Sunday will be the second time. Baldwin is back from a groin injury that kept him out of Monday night’s win over Minnesota. He and the Seahawks (8-5) go for their fifth consecutive victory, which would clinch a berth in next month’s NFC playoffs, against Sherman’s 49ers (3-10) in Santa Clara, Calif., Sunday. Kickoff is at 1:05 p.m.
Middle linebacker Bobby Wagner starred with Sherman on the Seahawks’ defense from 2012 until the Seahawks waived Sherman in March. That was while Sherman was recovering from a torn Achilles’ tendon. The Seahawks made that move because they had decided they were not going to pay Sherman the $11 million due to him for 2018.
Wagner remembers the epic, almost-daily battles between Baldwin and Sherman on Seattle’s practice field. With those two, coach Pete Carroll’s mantra of “always compete” was always on. Every pass their way — in minicamp in May, training camp in August or in practices days before consecutive Super Bowls — was a battle royale. And it got loud.
“A lot of trash-talking,” Wagner said this week. “A lot of Stanford talk. It was a great thing to watch because one play, you would watch Doug catch it over Sherm and then the next play, you would watch Sherm catch it over Doug. And it was just always a heated battle, one of those battles that you look forward to watching on the film because it was greatness at its best.”
Teammates have said watching practice film in team meetings included seeing in the corner of frame Sherman and Baldwin going at it — even on plays that didn’t come anywhere near either one of them.
“It was someone trying to get the best out of someone else every single time they stepped on the field,” Wagner said. “And watching that, you wanted to be a part of that and you wanted to do your own version of that. As a linebacker, maybe you try to step up your game on a running back.
“So I think it just kind of trickled down to everybody, because you’re watching two great competitors compete. It was always fun to watch.”
Was it weird to see them scrapping and hear them yapping at each other all the time, knowing how close they were and still are?

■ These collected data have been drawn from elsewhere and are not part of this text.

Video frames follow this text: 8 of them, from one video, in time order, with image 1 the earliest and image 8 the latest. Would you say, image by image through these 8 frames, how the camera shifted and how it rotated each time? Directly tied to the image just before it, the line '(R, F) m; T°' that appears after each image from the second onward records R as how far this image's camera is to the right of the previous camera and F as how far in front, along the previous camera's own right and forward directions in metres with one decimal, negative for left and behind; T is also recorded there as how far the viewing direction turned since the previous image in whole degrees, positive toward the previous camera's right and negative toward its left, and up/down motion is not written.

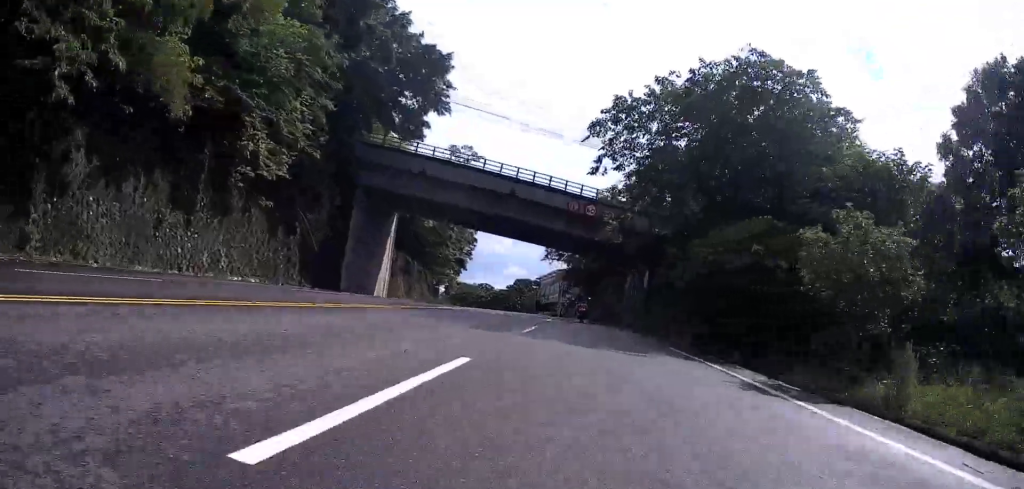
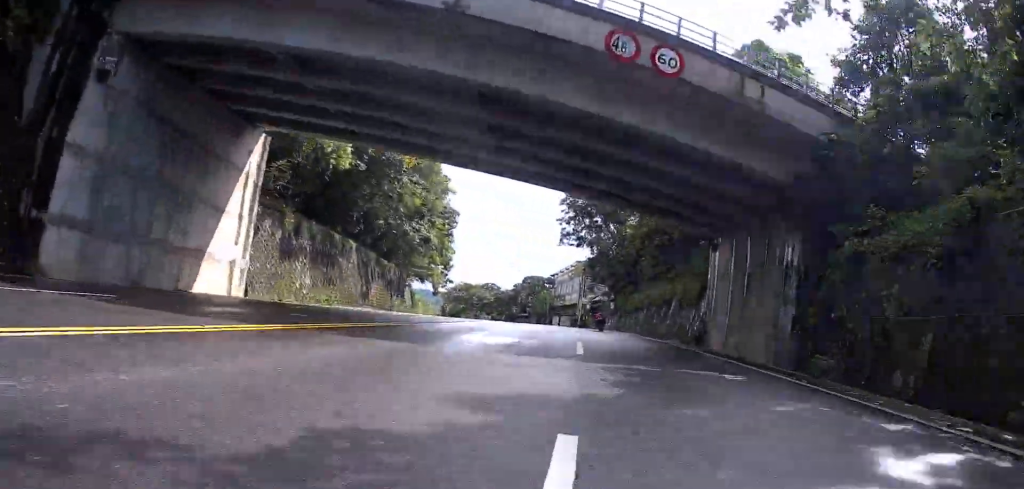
(-0.4, +22.1) m; -1°
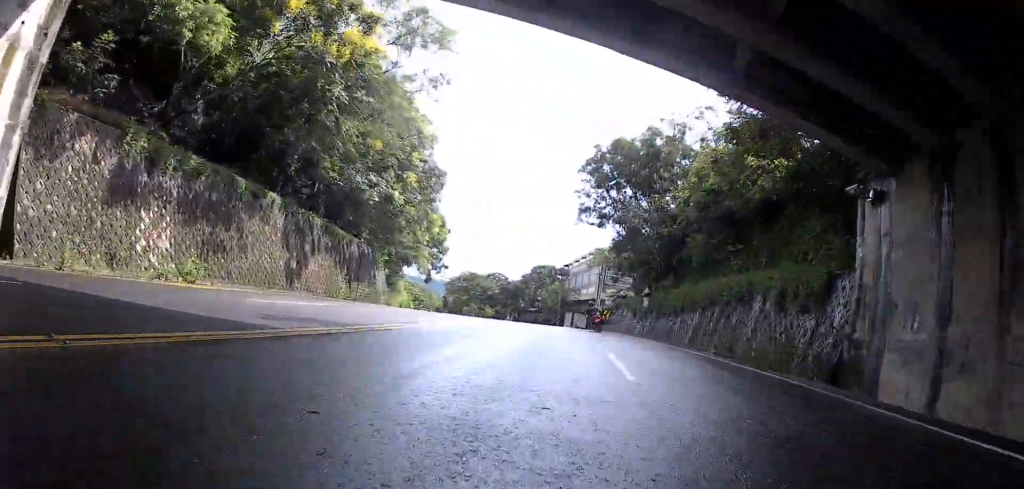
(0.0, +12.2) m; 0°
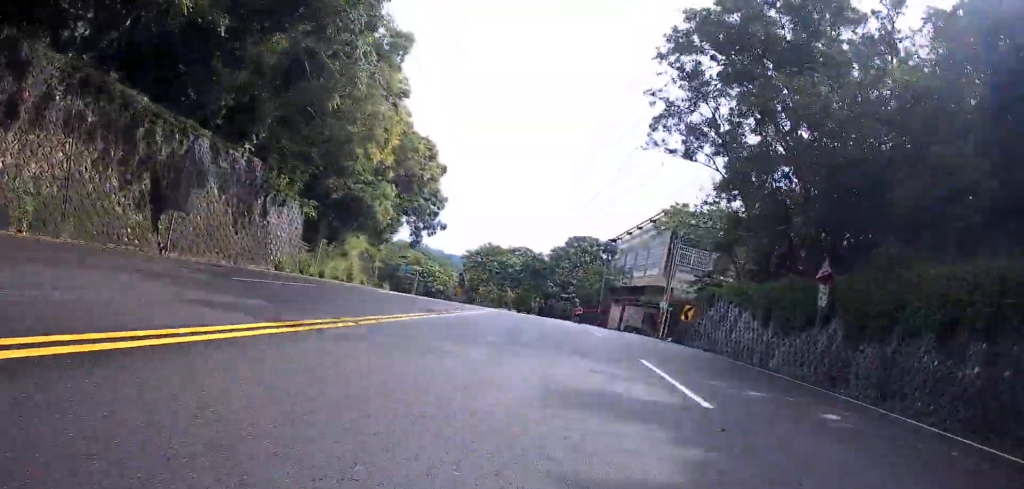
(0.0, +21.2) m; -4°
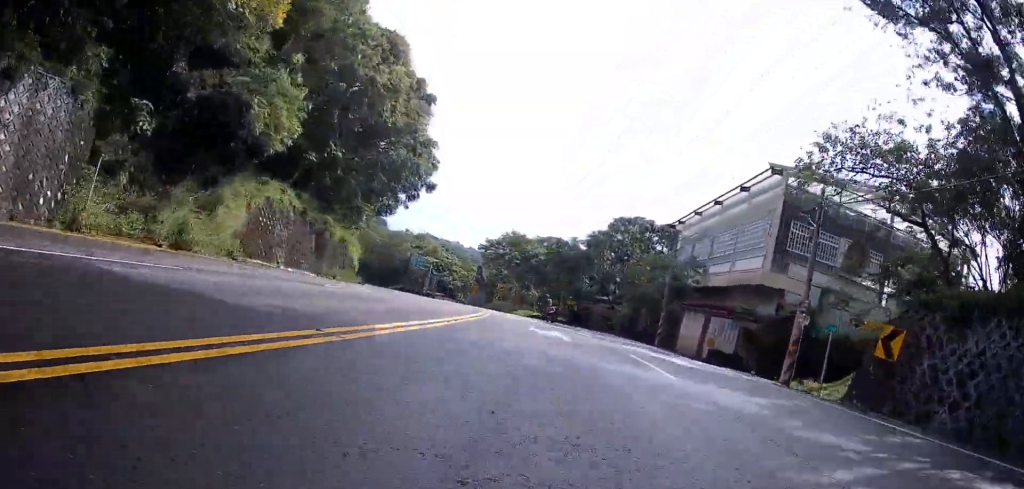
(-0.4, +16.4) m; -6°
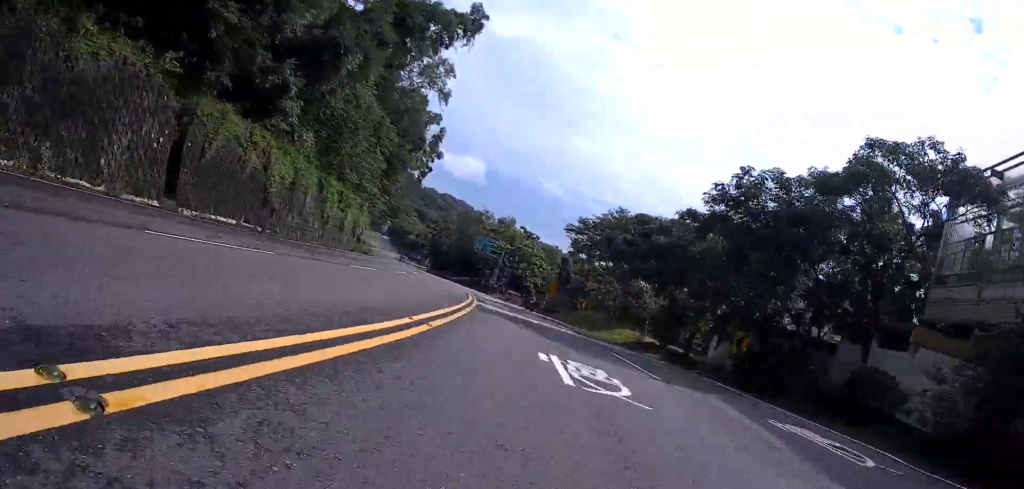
(-3.9, +27.7) m; -12°
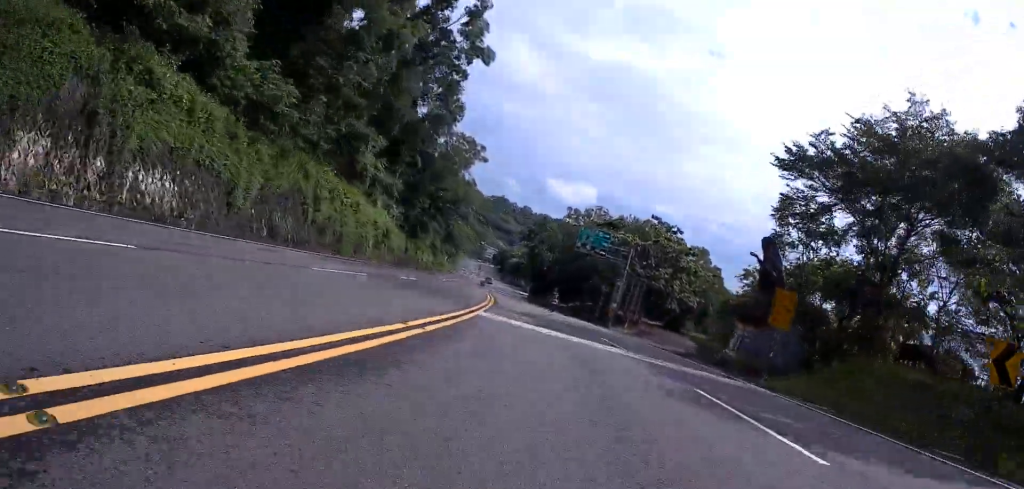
(-1.7, +35.9) m; -4°
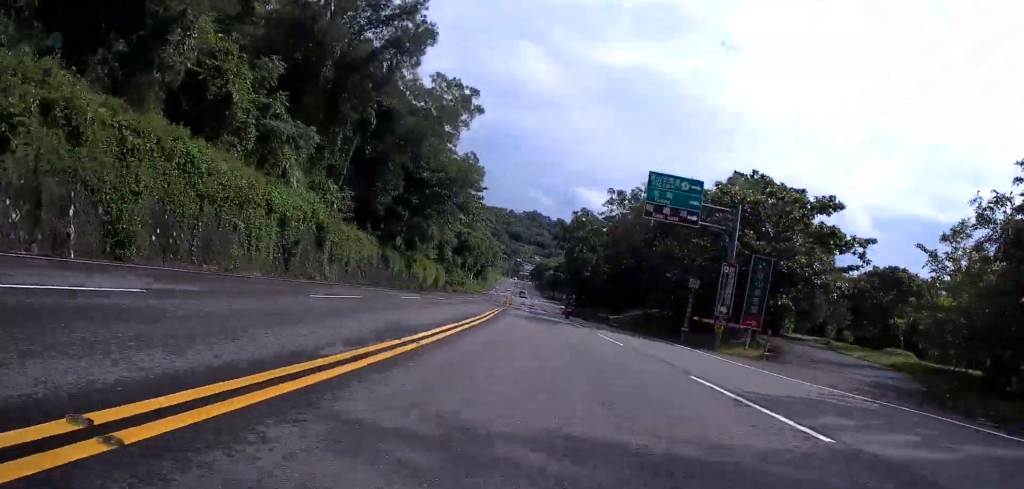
(0.0, +20.2) m; -4°

“Nah,” Wagner said. “I mean, if you’ve got brothers, then you would know.”
After that “weird” game against each other two weeks ago, Baldwin and Sherman met in the center of the field. The two best buds exchanged each other’s game jerseys.
About an hour later that Sunday, Baldwin was carrying Sherman’s white 49ers jersey with his name and No. 25 in scarlet on his way out of the Seahawks’ locker room. He said it was destined for the special casing and place in his home, right next to where Baldwin displays Sherman’s No. 25 Seahawks jersey.
“I’ve got so much love for him, as a human being,” Baldwin said. “Just the man that he has become. The man that he was, and the man that he is now. I’ve seen his growth, and his progression in life.
“It’s so much bigger than football. So much bigger than football.”
This past week it’s been about Sherman and Seahawks defensive end Frank Clark.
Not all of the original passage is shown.